Mike and Julie are very happy Abby is in their life and, overall, satisfied with the US adoption agency they used. But they count themselves lucky that the problems the children had were not more serious, and that with the support of friends and family they were able to provide the right environment for the children.
But not all adoptive parents are able to cope and that's where the system starts failing. Even young Abby knows it.
"Because I was raised in such a good family, it's better here than it was in Russia," she says, sitting on a swing in her parents' garden.
"There's a lot of kids who should be [allowed] to come, but I just think that [both] governments should just look at the families more closely."
The case of seven-year-old Artyom Savelyev - sent back to Russia alone by his adoptive mother with a note saying she no longer wished to parent the child - sparked anger in Russia at the US.
Artyom Savelyev was sent from his family home, back to Russia
There were calls for a total moratorium on adoptions with the US because this was not the first incident involving Russian orphans. Since the early 1990s, the Russian authorities say 18 orphans adopted internationally have died in their adoptive families, 17 of them in the US.
Just over two thirds of Russian orphans adopted abroad end up in the US. But 15 children also die every year under domestic Russian adoption, according to Russia's children rights ombudsman Pavel Astakhov.
The Russian Duma eventually rejected the motion calling for a freeze on adoption in the US while the two countries negotiate a bilateral agreement to improve the process.
The failings are on both sides. Russia is one of only three countries that has yet to ratify the 1993 Hague adoption convention which regulates international adoptions.

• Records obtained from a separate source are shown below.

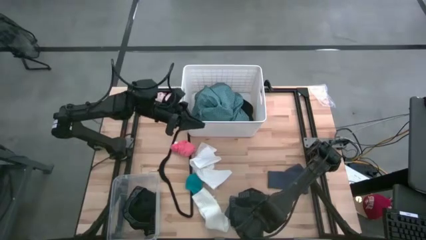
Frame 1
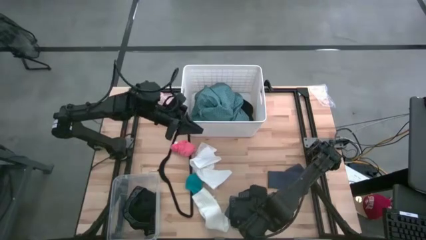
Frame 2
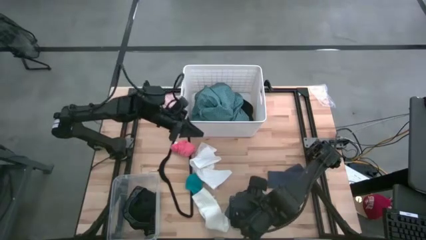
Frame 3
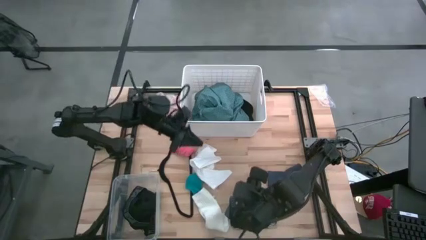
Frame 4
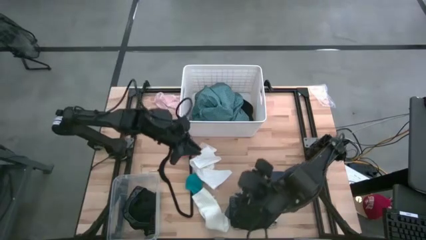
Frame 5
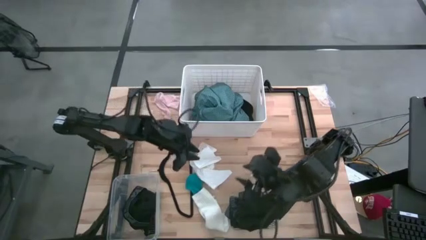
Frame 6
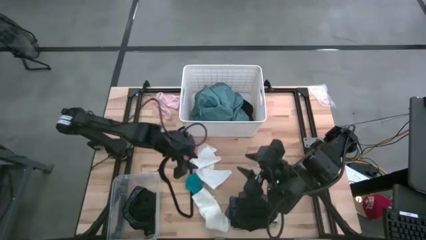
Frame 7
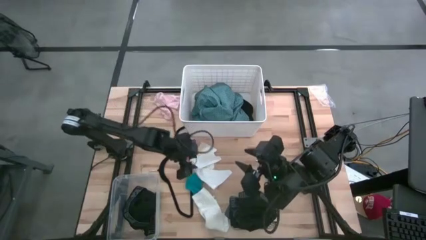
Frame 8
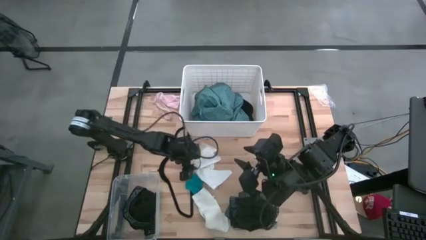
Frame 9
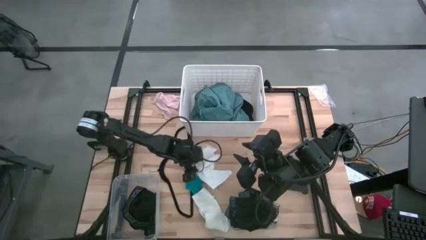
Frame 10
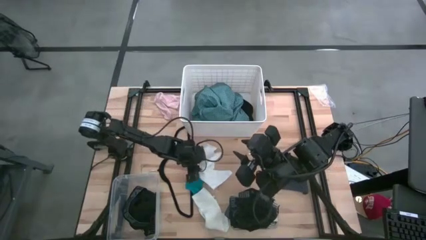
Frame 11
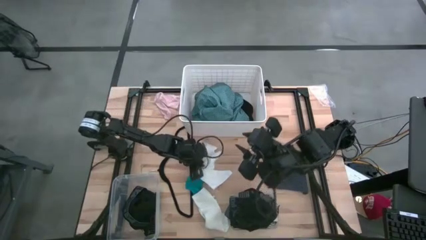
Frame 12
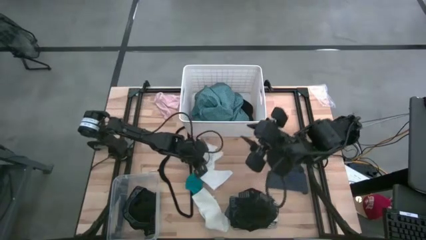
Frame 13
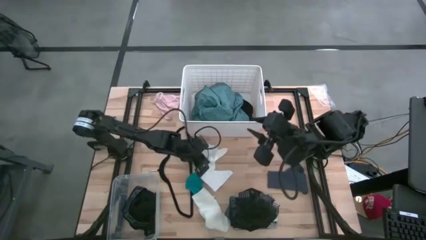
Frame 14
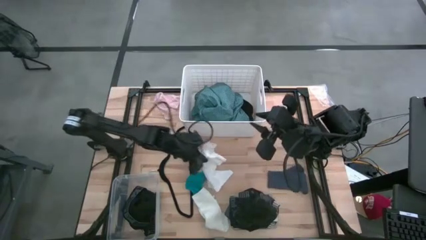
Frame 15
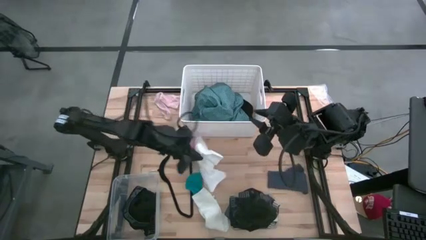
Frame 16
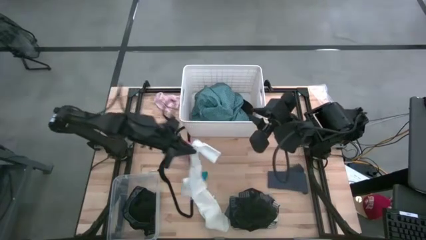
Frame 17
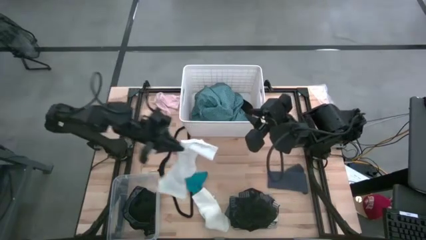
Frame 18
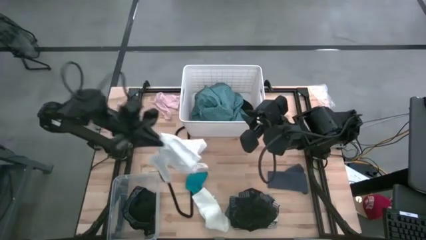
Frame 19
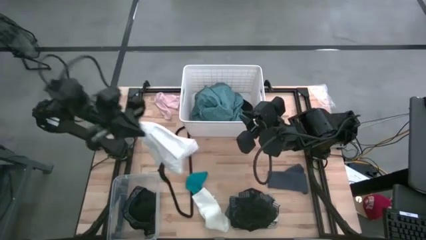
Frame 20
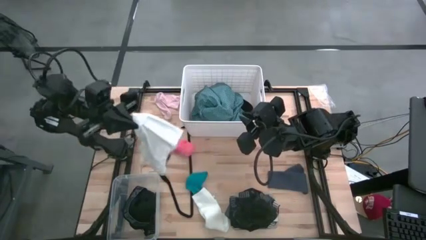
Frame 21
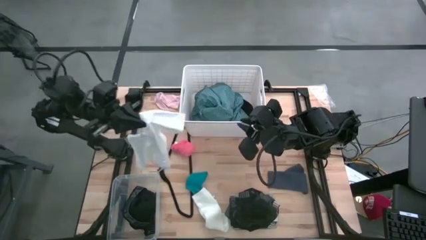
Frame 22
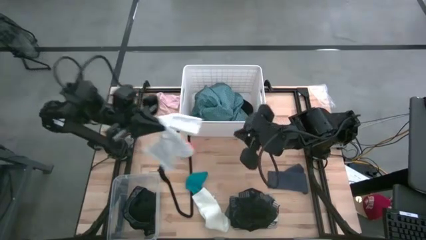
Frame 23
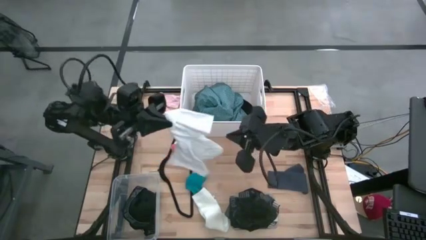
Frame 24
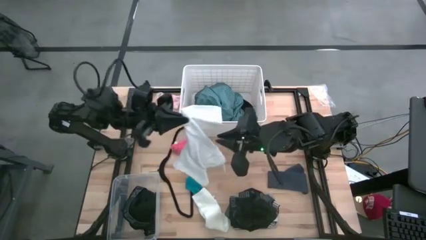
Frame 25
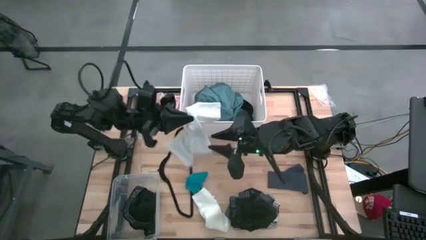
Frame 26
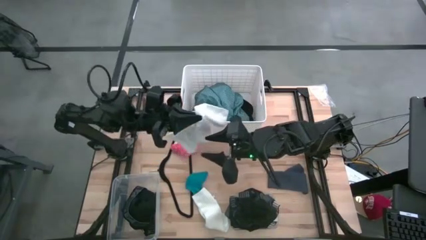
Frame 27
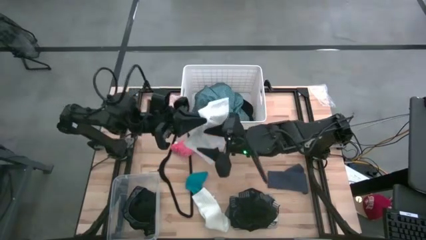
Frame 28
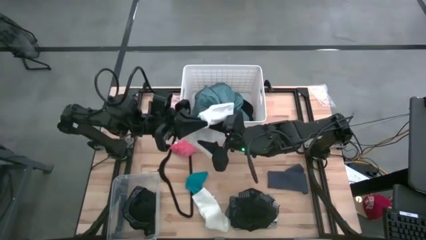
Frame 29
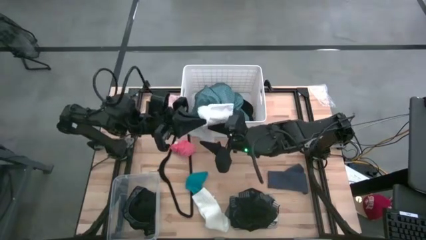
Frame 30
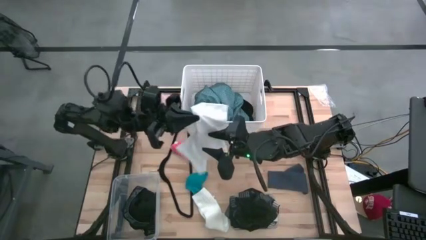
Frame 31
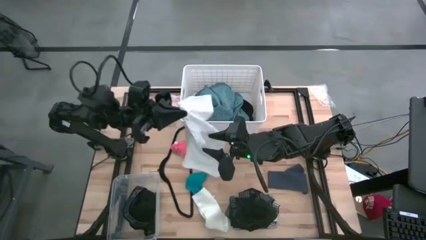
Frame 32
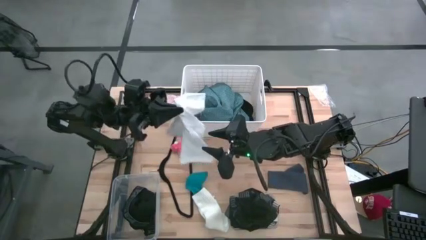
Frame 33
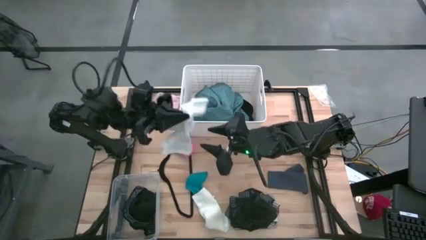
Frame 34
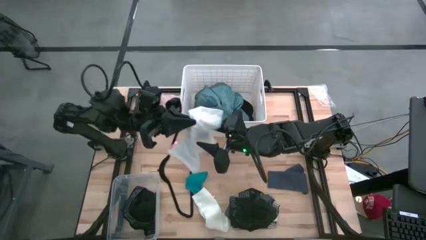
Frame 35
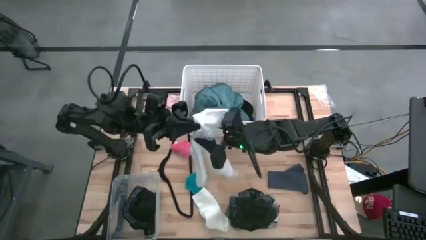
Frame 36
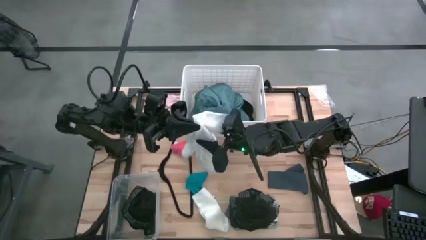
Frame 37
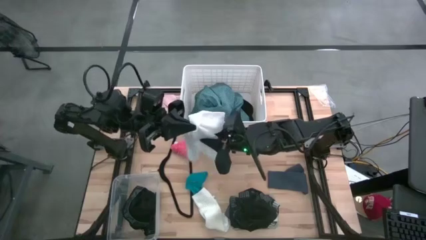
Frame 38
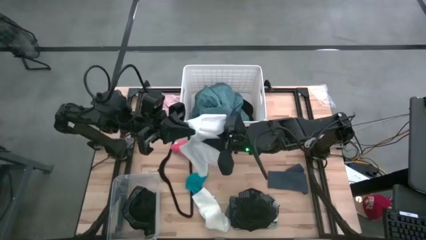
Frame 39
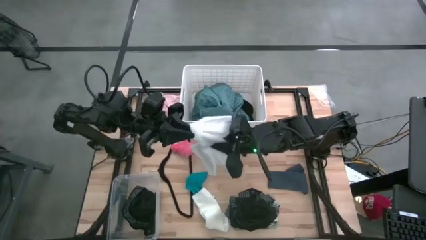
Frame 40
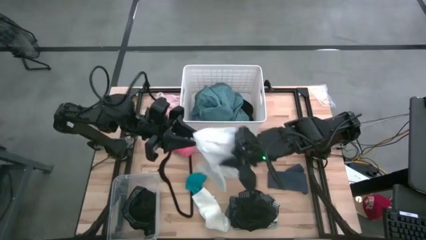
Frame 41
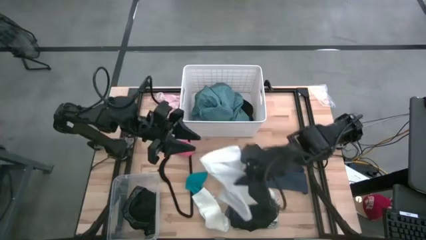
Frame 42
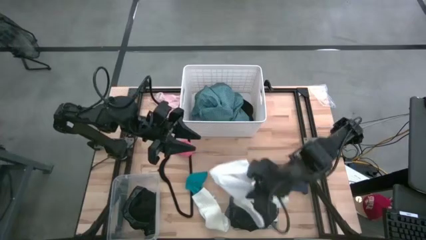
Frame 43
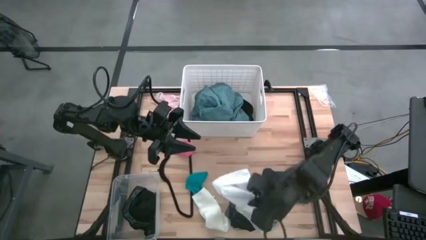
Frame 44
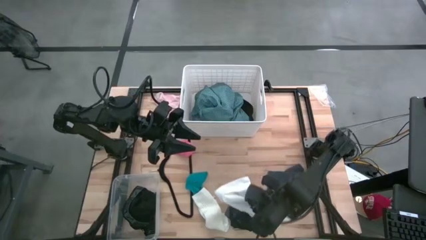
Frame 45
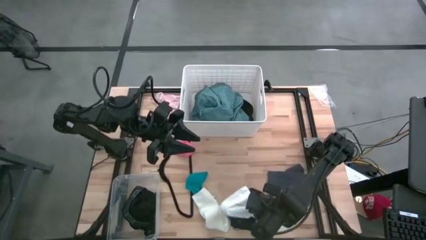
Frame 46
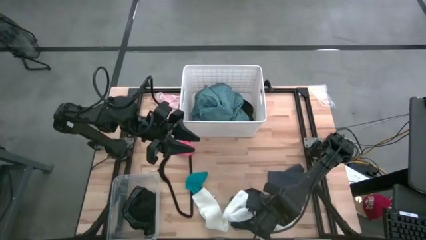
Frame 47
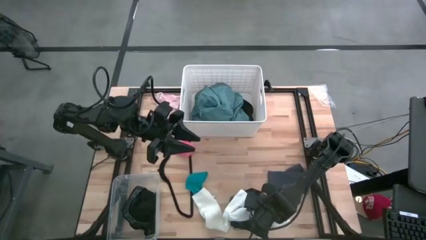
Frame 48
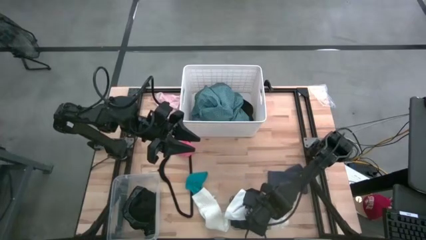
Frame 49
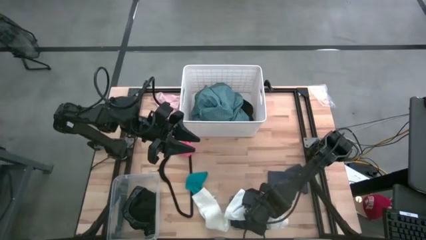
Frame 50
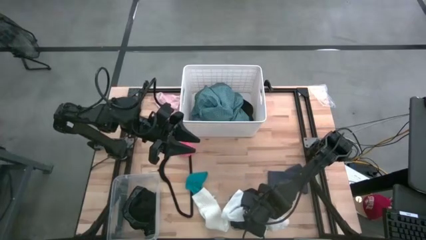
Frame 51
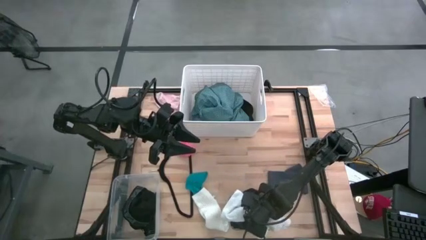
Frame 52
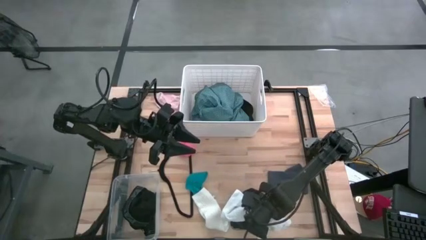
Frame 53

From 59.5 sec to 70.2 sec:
Task: Pick & Place Cloths
Put the white boxer into the right transparent bin

US officials want the Russian side to give more information about children, and sooner, so parents can make an informed decision.
"The parents don't see the complete medical status of the child until they show up to court for the final adoption," said one US senior official who spoke on condition of anonymity because the negotiations with Russia are ongoing.
"In some cases that may be a little later than the parents would have wanted to see it depending on what it says."
Dr Ronald Federici, a clinical neuropsychologist in Virginia, who has worked with adoptive families, tells a similar story.
He says the information is often only one or two pages of redacted information badly translated, given to the parents when they are in court, the child already in their arms.
Some parents, albeit overwhelmed by their new knowledge, feel obligated to bring the child home and then problems start. Others simply leave the children behind, according to Dr Federici.
That's why the issue of matching children with the right family is so important.
We're not getting a fifth - but we have no regrets
Adopting parents Mike and Julie
Some families are able and willing to deal with problem children, others are not and US adoption agencies are being urged to put in place a better vetting system. Many observers said Artyom should never have been adopted by the single mother he was matched with.
There are also concerns that families are not getting appropriate post-adoption support, after the adopted child arrives in the US.
This support is currently not mandated or enforced and because Russia is not part of the Hague process, the US state department cannot bar agencies that fail to provide it.
If things break down, there is little recourse for the families. So the sad, little known fact is that Russian adoptees are often simply sent back to Russia.
Not all of them make it into the news like Artyom. In the last 10 years, Dr Fedirici alone has seen 39 children sent back to Russia.
"[These children] have foetal alcohol syndrome, trauma, deprivation, neglect, abuse, malnutrition and illness. These things can be overcome, but it's a very arduous process," said Dr Federici.
But for the Jones family, back in Pennsylvania, it is a happy ending.
"We're not getting a fifth," said Julie, laughing, "but no, we have no regrets."
The key now, for both the US and the Russian governments is to make sure other families too have no regrets about adopting from Russia.